[About this exercise]
Only the text is wanted; write out each record below exactly and exclude all pictures.

--- --- ---

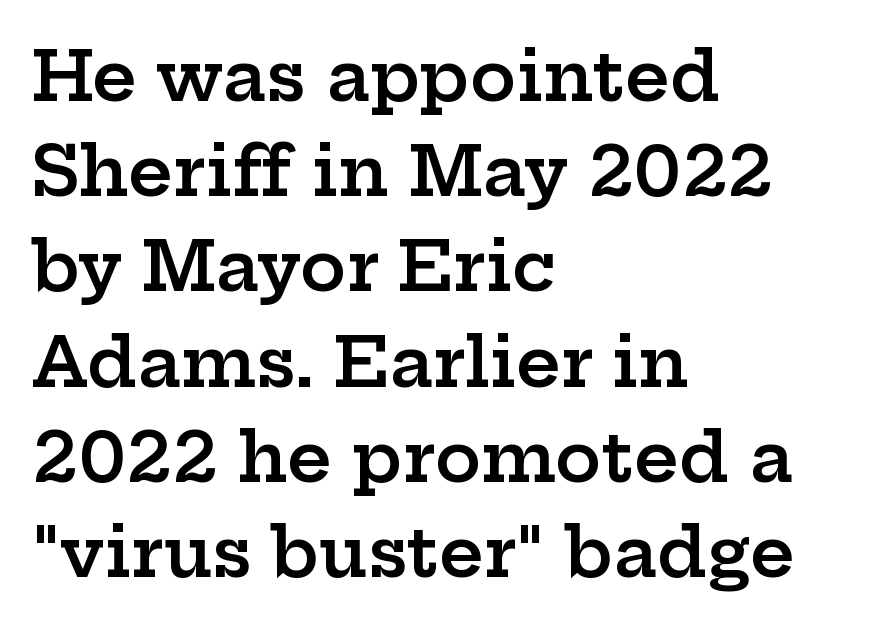
The image shows 69 px semibold, wide serif type, upright; set left-aligned, normal line spacing (1.38x), normal letter spacing, not underlined; low stroke contrast and a medium x-height.
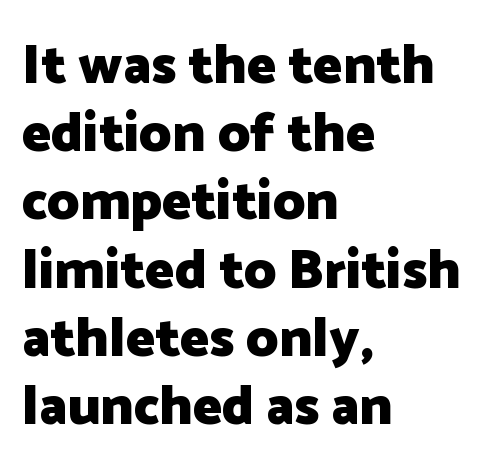
Q: Is the text bold? A: Yes.
Q: Is the text italic (slanted)? A: No, it is upright.
Q: Is the typeface a serif or a sans-serif typeface? A: Sans-serif.
Q: Is the text underlined? A: No.
Q: How is the paragraph aligned? A: Left-aligned.
Q: Is the spacing between letters normal or unusually wide? A: Normal.
Q: Width (condensed, normal, or wide)? A: Normal.
Q: Stroke contrast? A: Low.
Q: x-height? A: Medium.
Q: Monospaced? A: No.
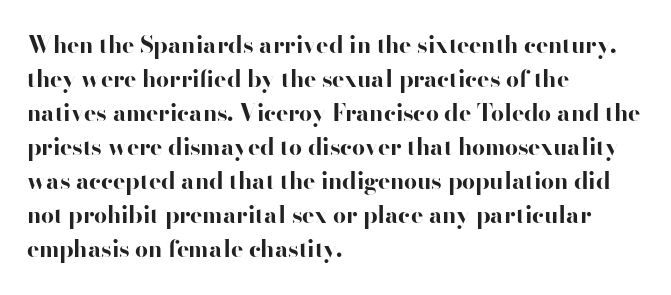
Q: Is the text bold? A: Yes.
Q: Is the text italic (slanted)? A: No, it is upright.
Q: Is the text underlined? A: No.
Q: How is the paragraph aligned? A: Left-aligned.
Q: Is the spacing between letters normal or unusually wide? A: Normal.
Q: Is the spacing between lines tight, normal or loose? A: Normal.
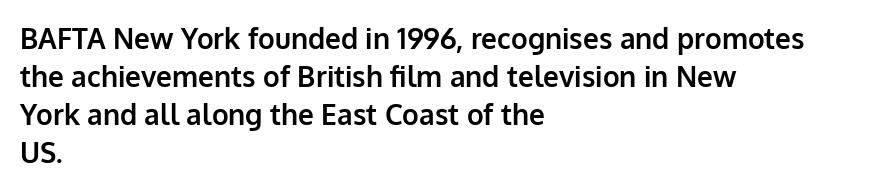
{"serif": "no", "italic": "no", "bold": "yes", "weight": "bold", "width": "normal", "stroke_contrast": "low", "x_height": "medium", "monospaced": "no", "underline": "no", "align": "left", "line_spacing": "normal", "line_spacing_ratio": 1.36, "letter_spacing": "normal", "letter_spacing_em": 0.0, "glyph_px": 28}
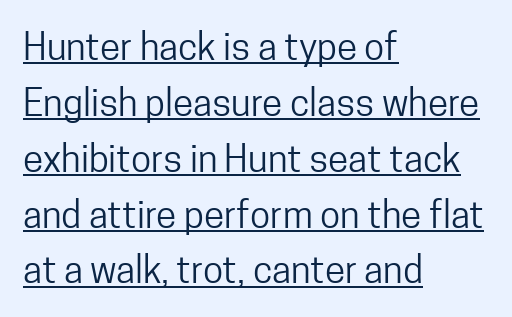
Q: Is the text bold? A: No.
Q: Is the text italic (slanted)? A: No, it is upright.
Q: Is the typeface a serif or a sans-serif typeface? A: Sans-serif.
Q: Is the text underlined? A: Yes.
Q: How is the paragraph aligned? A: Left-aligned.
Q: Is the spacing between letters normal or unusually wide? A: Normal.
Q: Is the spacing between lines tight, normal or loose? A: Normal.
Q: Width (condensed, normal, or wide)? A: Condensed.
Q: Stroke contrast? A: Low.
Q: x-height? A: Medium.
Q: Monospaced? A: No.
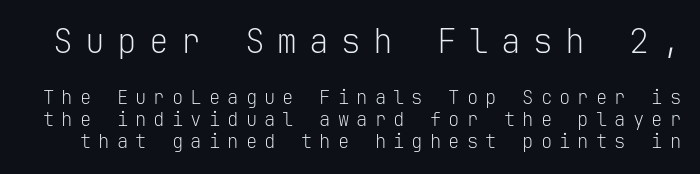
{"serif": "no", "italic": "no", "bold": "no", "weight": "light", "width": "normal", "stroke_contrast": "low", "x_height": "medium", "monospaced": "yes", "underline": "no", "line_spacing_ratio": 1.17, "letter_spacing": "wide", "letter_spacing_em": 0.37, "larger_block": "first", "size_ratio": 1.74, "glyph_px": 33}
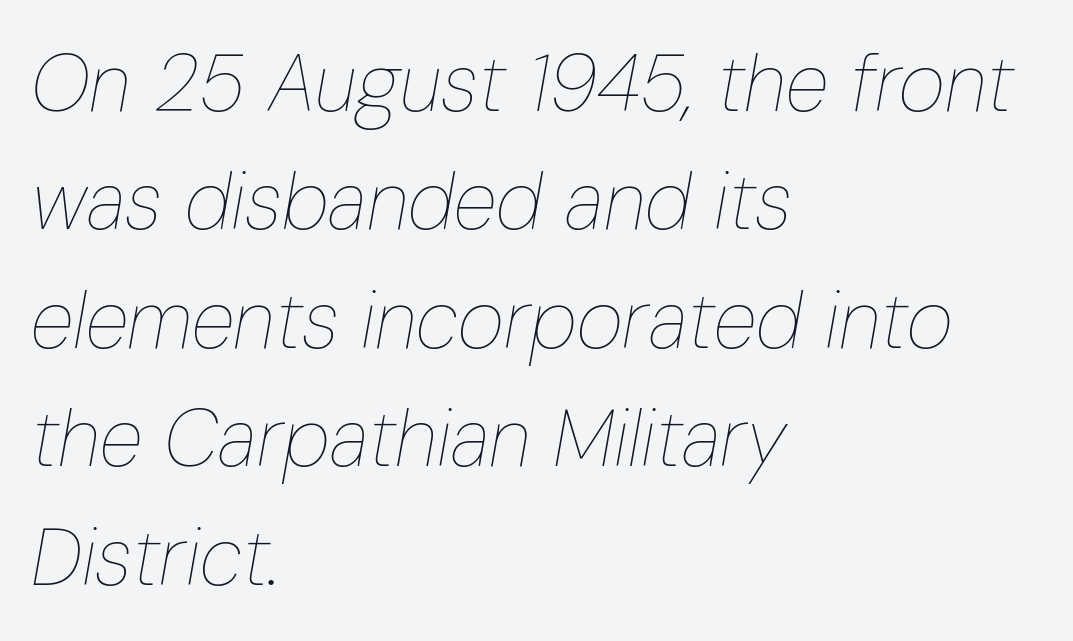
The image shows 80 px thin, condensed type, italic (leaning right); set left-aligned, normal line spacing (1.48x), normal letter spacing, not underlined; low stroke contrast and a medium x-height.
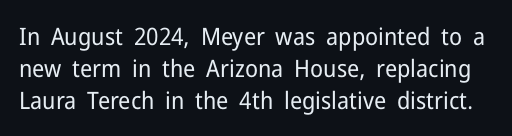
The image shows 24 px text type, upright; set normal line spacing (1.33x), normal letter spacing, not underlined.
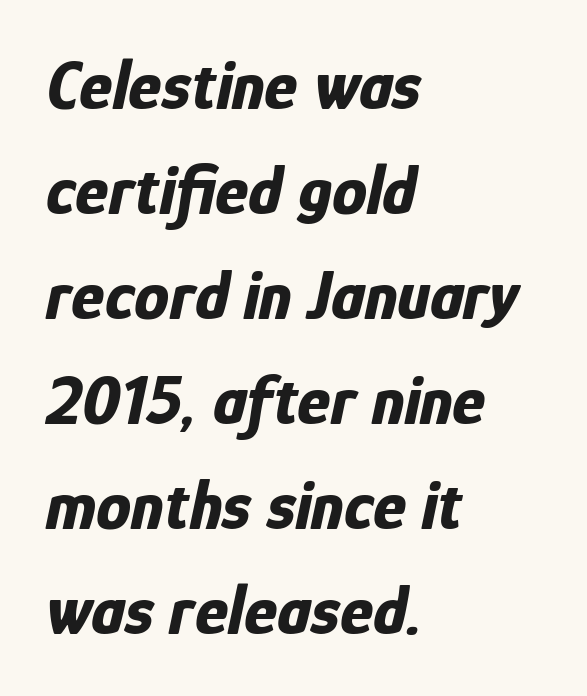
{"italic": "yes", "lean": "right", "slant_degrees": 12, "bold": "yes", "weight": "bold", "width": "condensed", "stroke_contrast": "low", "x_height": "medium", "monospaced": "no", "underline": "no", "align": "left", "line_spacing": "normal", "line_spacing_ratio": 1.5, "letter_spacing": "normal", "letter_spacing_em": 0.0, "glyph_px": 70}
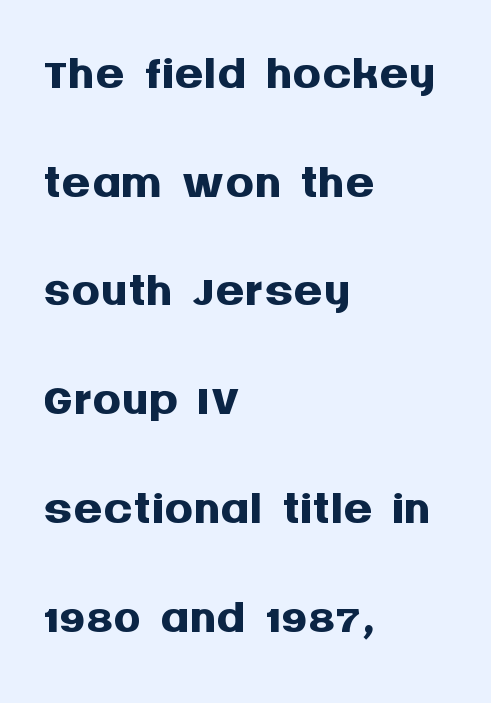
Q: Is the text bold? A: Yes.
Q: Is the text italic (slanted)? A: No, it is upright.
Q: Is the typeface a serif or a sans-serif typeface? A: Sans-serif.
Q: Is the text underlined? A: No.
Q: How is the paragraph aligned? A: Left-aligned.
Q: Is the spacing between letters normal or unusually wide? A: Normal.
Q: Is the spacing between lines tight, normal or loose? A: Normal.
Q: Width (condensed, normal, or wide)? A: Normal.
Q: Stroke contrast? A: Medium.
Q: x-height? A: Large.
Q: Monospaced? A: No.
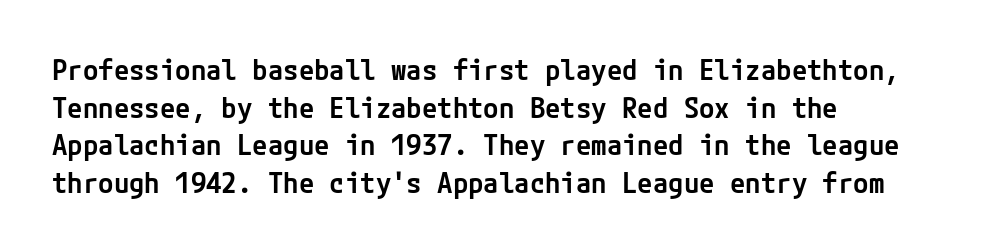
Notice the strokes are somewhat thickened but not fully heavy: this is a semibold. Compared with typical body copy, the letter spacing here is the same. Characters remain perfectly vertical along every line. The paragraph shown leans on its left margin. Leading: standard. The characters display no serif detailing; their extremities are plain.
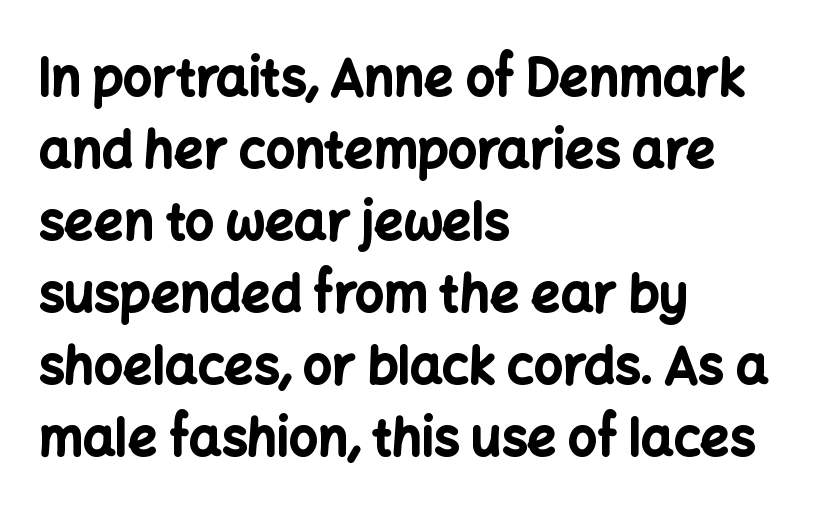
{"serif": "no", "italic": "no", "bold": "yes", "weight": "bold", "width": "normal", "stroke_contrast": "low", "x_height": "medium", "monospaced": "no", "underline": "no", "align": "left", "line_spacing": "normal", "line_spacing_ratio": 1.41, "letter_spacing": "normal", "letter_spacing_em": 0.0, "glyph_px": 51}

--- --- ---

[Result of this task]
The image shows 69 px semibold, wide serif type, upright; set left-aligned, normal line spacing (1.38x), normal letter spacing, not underlined; low stroke contrast and a medium x-height.
Q: Is the text bold? A: Yes.
Q: Is the text italic (slanted)? A: No, it is upright.
Q: Is the typeface a serif or a sans-serif typeface? A: Sans-serif.
Q: Is the text underlined? A: No.
Q: How is the paragraph aligned? A: Left-aligned.
Q: Is the spacing between letters normal or unusually wide? A: Normal.
Q: Width (condensed, normal, or wide)? A: Normal.
Q: Stroke contrast? A: Low.
Q: x-height? A: Medium.
Q: Monospaced? A: No.
Q: Is the text bold? A: Yes.
Q: Is the text italic (slanted)? A: No, it is upright.
Q: Is the text underlined? A: No.
Q: How is the paragraph aligned? A: Left-aligned.
Q: Is the spacing between letters normal or unusually wide? A: Normal.
Q: Is the spacing between lines tight, normal or loose? A: Normal.
{"serif": "no", "italic": "no", "bold": "yes", "weight": "bold", "width": "normal", "stroke_contrast": "low", "x_height": "medium", "monospaced": "no", "underline": "no", "align": "left", "line_spacing": "normal", "line_spacing_ratio": 1.36, "letter_spacing": "normal", "letter_spacing_em": 0.0, "glyph_px": 28}
Q: Is the text bold? A: No.
Q: Is the text italic (slanted)? A: No, it is upright.
Q: Is the typeface a serif or a sans-serif typeface? A: Sans-serif.
Q: Is the text underlined? A: Yes.
Q: How is the paragraph aligned? A: Left-aligned.
Q: Is the spacing between letters normal or unusually wide? A: Normal.
Q: Is the spacing between lines tight, normal or loose? A: Normal.
Q: Width (condensed, normal, or wide)? A: Condensed.
Q: Stroke contrast? A: Low.
Q: x-height? A: Medium.
Q: Monospaced? A: No.
{"serif": "no", "italic": "no", "bold": "no", "weight": "light", "width": "normal", "stroke_contrast": "low", "x_height": "medium", "monospaced": "yes", "underline": "no", "line_spacing_ratio": 1.17, "letter_spacing": "wide", "letter_spacing_em": 0.37, "larger_block": "first", "size_ratio": 1.74, "glyph_px": 33}
The image shows 80 px thin, condensed type, italic (leaning right); set left-aligned, normal line spacing (1.48x), normal letter spacing, not underlined; low stroke contrast and a medium x-height.
The image shows 24 px text type, upright; set normal line spacing (1.33x), normal letter spacing, not underlined.
{"italic": "yes", "lean": "right", "slant_degrees": 12, "bold": "yes", "weight": "bold", "width": "condensed", "stroke_contrast": "low", "x_height": "medium", "monospaced": "no", "underline": "no", "align": "left", "line_spacing": "normal", "line_spacing_ratio": 1.5, "letter_spacing": "normal", "letter_spacing_em": 0.0, "glyph_px": 70}
Q: Is the text bold? A: Yes.
Q: Is the text italic (slanted)? A: No, it is upright.
Q: Is the typeface a serif or a sans-serif typeface? A: Sans-serif.
Q: Is the text underlined? A: No.
Q: How is the paragraph aligned? A: Left-aligned.
Q: Is the spacing between letters normal or unusually wide? A: Normal.
Q: Is the spacing between lines tight, normal or loose? A: Normal.
Q: Width (condensed, normal, or wide)? A: Normal.
Q: Stroke contrast? A: Medium.
Q: x-height? A: Large.
Q: Monospaced? A: No.
Notice the strokes are somewhat thickened but not fully heavy: this is a semibold. Compared with typical body copy, the letter spacing here is the same. Characters remain perfectly vertical along every line. The paragraph shown leans on its left margin. Leading: standard. The characters display no serif detailing; their extremities are plain.
{"serif": "no", "italic": "no", "bold": "yes", "weight": "bold", "width": "normal", "stroke_contrast": "low", "x_height": "medium", "monospaced": "no", "underline": "no", "align": "left", "line_spacing": "normal", "line_spacing_ratio": 1.41, "letter_spacing": "normal", "letter_spacing_em": 0.0, "glyph_px": 51}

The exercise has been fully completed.